Sesuatu yang daku takutkan pun terjadi. Dokter memvonis musti cabut gigi. Dan, daku yang sangat kaget pun menyatakan ketidaksiapan. Ciut benar! Ini bakalan jadi agenda cabut gigi perdana dalam hidupku.

Waktu itu kondisi giginya memang sedang sakit, jadi agenda ngeles-ku diterima. Beliau pun hanya memberikan obat Amoxillin 500mg dan Paracetamol. Namun sebelum daku pergi, beliau tak lupa menyerukan sesuatu yang mendadak bikin daku cemas,

“Siap-siap ya, Neng, ketemu lagi hari Senin!”

No!!!

~

Mitos Dicabut Gigi

mitos cabut gigi, cabut gigi saat sakit, cabut gigi saat sakit gigi, cabut gigi sakit tak, cabut gigi sakit atau tidak, cabut gigi sakit gak, obat cabut gigi ampuh, pereda sakit gigi, cabut gigi tidak sakit, proses cabut gigi

Amoxillin 500mg dan Paracetamol benar-benar ampuh meredakan sakit gigiku. Diulang, me-re-da-kan, bukan mengobati. Daku jadi tak terganggu lagi dengan rasa nyeri, ngilu, dan juga sakit kepala. Lebih lagi biayanya murah. Hanya daftar ke puskesmas, dibuatkan kartu anggota, dan dikenakan biaya 5000 saja. Woah, terima kasih banyak!

“Senin” yang diserukan dokter tak pernah terjadi. Daku tidak datang lagi untuk sesuatu yang mereka sarankan, ya, cabut gigi itu. Alasannya… oke, yang paling pertama karena daku masih takut. Kedua, keluhan gigiku tak lagi menyiksa. Ketiga, daku tidak mau saja.

“Nanti teh dikasih obat baal,” begitu kata kakak yang sudah berpengalaman, “Pipi kita ditampar sekeras apapun enggak bakal terasa.”

“Oke,” Daku tak mencium ada yang membahayakan dalam proses tersebut.

“Selanjutnya disuntik, terus…” perkataan kakak daku potong.

“Disuntik?” pertanyaanku dijawab dengan anggukan, “Disuntik apanya, gitu?” Daku membayangkan area lengan atau paha.
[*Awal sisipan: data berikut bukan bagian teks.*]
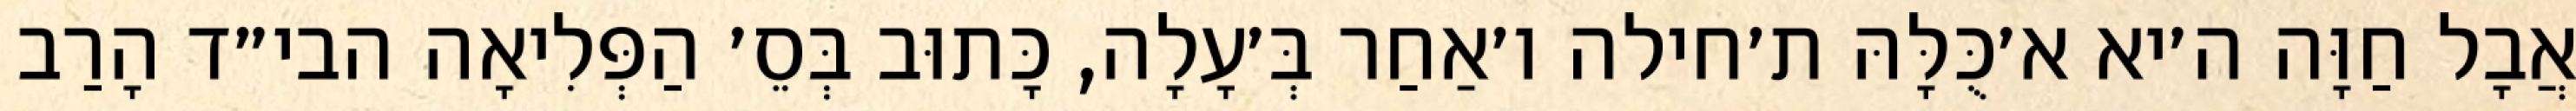
אֲבָל חַוָּה ה׳יא א׳כֻּלָּהּ ת׳חילה ו׳אַחַר בְּ׳עָלָה, כָּתוּב בְּסֵ׳ הַפְּלִיאָה הבי״ד הָרַב

“Ya gusinya atuh! Ugh! Rasanya sakiiit banget!” jawab kakak sambil mendramatisir mimik muka, dan dia langsung menyeringai ketika melihatku berubah pucat, “Kita teh bakalan dipegangin sama empat asisten dokternya, meronta-ronta juga percuma, terus giginya dicabut paksa deh pakai palu kecil. Muahahaha…

So evil!

Daku tak ikut ketawa, tapi merasa mantap untuk mengurungkan diri agar tidak dicabut gigi. Sudah salahku untuk tidak curhat sama kakak yang satu ini. Tidak menolong pisan!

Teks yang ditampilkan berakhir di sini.